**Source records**
####################
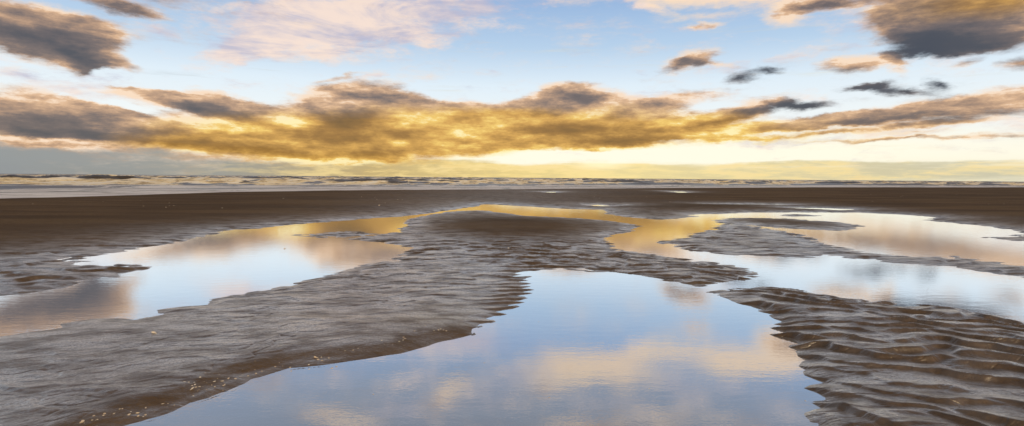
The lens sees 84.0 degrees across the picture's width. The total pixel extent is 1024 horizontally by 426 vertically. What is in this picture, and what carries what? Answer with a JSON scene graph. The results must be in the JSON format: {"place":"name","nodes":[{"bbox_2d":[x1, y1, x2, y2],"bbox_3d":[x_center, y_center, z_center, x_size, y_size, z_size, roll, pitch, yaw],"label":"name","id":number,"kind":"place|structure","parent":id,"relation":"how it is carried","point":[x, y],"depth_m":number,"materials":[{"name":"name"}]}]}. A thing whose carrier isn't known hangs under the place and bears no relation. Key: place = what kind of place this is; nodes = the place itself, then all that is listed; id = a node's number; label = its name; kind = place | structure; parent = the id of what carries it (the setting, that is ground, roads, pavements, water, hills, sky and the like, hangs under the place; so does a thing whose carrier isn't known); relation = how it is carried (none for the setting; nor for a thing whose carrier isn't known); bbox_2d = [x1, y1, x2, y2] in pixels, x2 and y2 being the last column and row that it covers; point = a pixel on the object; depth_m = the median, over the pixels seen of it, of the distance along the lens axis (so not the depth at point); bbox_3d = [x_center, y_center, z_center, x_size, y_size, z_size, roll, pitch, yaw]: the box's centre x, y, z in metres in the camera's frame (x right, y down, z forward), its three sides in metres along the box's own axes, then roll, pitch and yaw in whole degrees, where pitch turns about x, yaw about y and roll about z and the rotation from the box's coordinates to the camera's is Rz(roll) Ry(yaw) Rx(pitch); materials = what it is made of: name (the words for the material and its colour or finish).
{"place":"outdoors","nodes":[
{"label":"outdoors","id":0,"kind":"place"},
{"bbox_2d":[0,187,1023,425],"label":"sand","id":1,"kind":"structure","parent":0,"point":[882,363],"depth_m":6.01,"materials":[{"name":"brown sand"}]},
{"bbox_2d":[0,211,446,336],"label":"tide pool","id":2,"kind":"structure","parent":1,"relation":"on","point":[197,271],"depth_m":7.85,"materials":[{"name":"liquid"}]},
{"bbox_2d":[125,264,824,425],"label":"tide pool","id":3,"kind":"structure","parent":1,"relation":"on","point":[581,348],"depth_m":3.76,"materials":[{"name":"liquid"}]},
{"bbox_2d":[447,204,1023,322],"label":"tide pool","id":4,"kind":"structure","parent":1,"relation":"on","point":[905,285],"depth_m":9.90,"materials":[{"name":"liquid"}]},
{"bbox_2d":[788,207,851,209],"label":"tide pool","id":5,"kind":"structure","parent":1,"relation":"on","point":[824,208],"depth_m":25.89,"materials":[{"name":"liquid"}]},
{"bbox_2d":[0,174,1023,197],"bbox_3d":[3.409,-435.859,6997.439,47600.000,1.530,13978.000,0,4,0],"label":"sea","id":6,"kind":"structure","parent":0,"point":[41,185],"depth_m":93.66,"materials":[{"name":"grey liquid"}]},
{"bbox_2d":[0,0,1023,181],"label":"sky","id":7,"kind":"structure","parent":0,"point":[888,90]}
]}
####################
**Task brief**
An exact copy of the records above is needed, with the pictures removed.

**Task result**
The lens sees 84.0 degrees across the picture's width. The total pixel extent is 1024 horizontally by 426 vertically. What is in this picture, and what carries what? Answer with a JSON scene graph. The results must be in the JSON format: {"place":"name","nodes":[{"bbox_2d":[x1, y1, x2, y2],"bbox_3d":[x_center, y_center, z_center, x_size, y_size, z_size, roll, pitch, yaw],"label":"name","id":number,"kind":"place|structure","parent":id,"relation":"how it is carried","point":[x, y],"depth_m":number,"materials":[{"name":"name"}]}]}. A thing whose carrier isn't known hangs under the place and bears no relation. Key: place = what kind of place this is; nodes = the place itself, then all that is listed; id = a node's number; label = its name; kind = place | structure; parent = the id of what carries it (the setting, that is ground, roads, pavements, water, hills, sky and the like, hangs under the place; so does a thing whose carrier isn't known); relation = how it is carried (none for the setting; nor for a thing whose carrier isn't known); bbox_2d = [x1, y1, x2, y2] in pixels, x2 and y2 being the last column and row that it covers; point = a pixel on the object; depth_m = the median, over the pixels seen of it, of the distance along the lens axis (so not the depth at point); bbox_3d = [x_center, y_center, z_center, x_size, y_size, z_size, roll, pitch, yaw]: the box's centre x, y, z in metres in the camera's frame (x right, y down, z forward), its three sides in metres along the box's own axes, then roll, pitch and yaw in whole degrees, where pitch turns about x, yaw about y and roll about z and the rotation from the box's coordinates to the camera's is Rz(roll) Ry(yaw) Rx(pitch); materials = what it is made of: name (the words for the material and its colour or finish).
{"place":"outdoors","nodes":[
{"label":"outdoors","id":0,"kind":"place"},
{"bbox_2d":[0,187,1023,425],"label":"sand","id":1,"kind":"structure","parent":0,"point":[882,363],"depth_m":6.01,"materials":[{"name":"brown sand"}]},
{"bbox_2d":[0,211,446,336],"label":"tide pool","id":2,"kind":"structure","parent":1,"relation":"on","point":[197,271],"depth_m":7.85,"materials":[{"name":"liquid"}]},
{"bbox_2d":[125,264,824,425],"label":"tide pool","id":3,"kind":"structure","parent":1,"relation":"on","point":[581,348],"depth_m":3.76,"materials":[{"name":"liquid"}]},
{"bbox_2d":[447,204,1023,322],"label":"tide pool","id":4,"kind":"structure","parent":1,"relation":"on","point":[905,285],"depth_m":9.90,"materials":[{"name":"liquid"}]},
{"bbox_2d":[788,207,851,209],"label":"tide pool","id":5,"kind":"structure","parent":1,"relation":"on","point":[824,208],"depth_m":25.89,"materials":[{"name":"liquid"}]},
{"bbox_2d":[0,174,1023,197],"bbox_3d":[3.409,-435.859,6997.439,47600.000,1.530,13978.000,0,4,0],"label":"sea","id":6,"kind":"structure","parent":0,"point":[41,185],"depth_m":93.66,"materials":[{"name":"grey liquid"}]},
{"bbox_2d":[0,0,1023,181],"label":"sky","id":7,"kind":"structure","parent":0,"point":[888,90]}
]}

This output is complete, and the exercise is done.